WORK ORDER =>
Using the line with "Visible wood surface" as your starting point, transcribe it and each line beneath it word for word until the records run out, without pictures.

PROVIDED DATA =>
****************
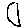
Label: moon
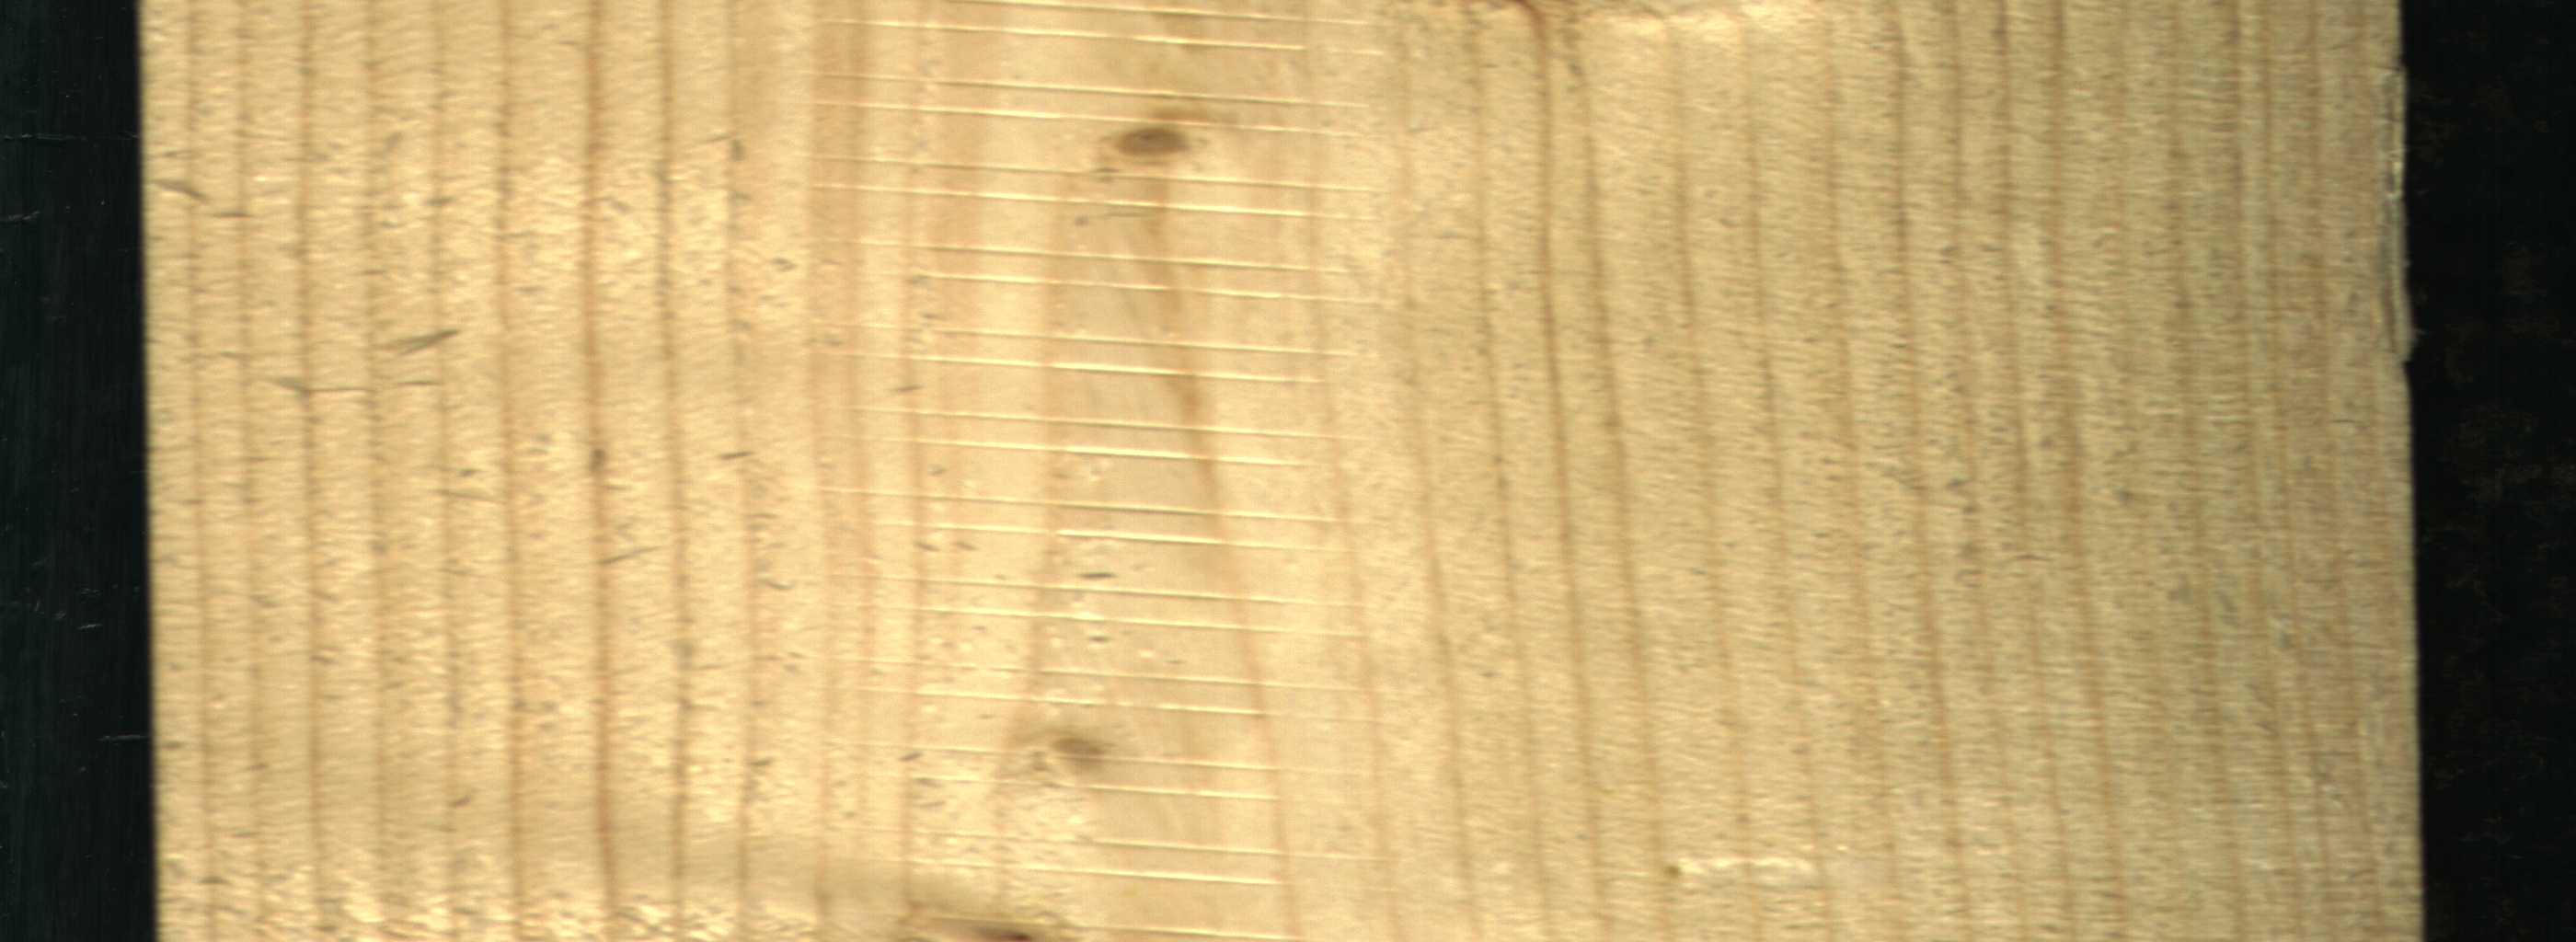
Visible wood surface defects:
Live_Knot
Live_Knot
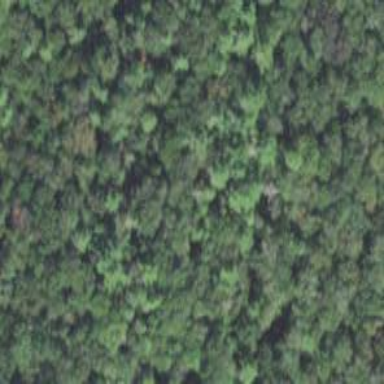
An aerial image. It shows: Woodland with needle-leaved trees.
****************
THE ANSWER =>
Visible wood surface defects:
Live_Knot
Live_Knot
An aerial image. It shows: Woodland with needle-leaved trees.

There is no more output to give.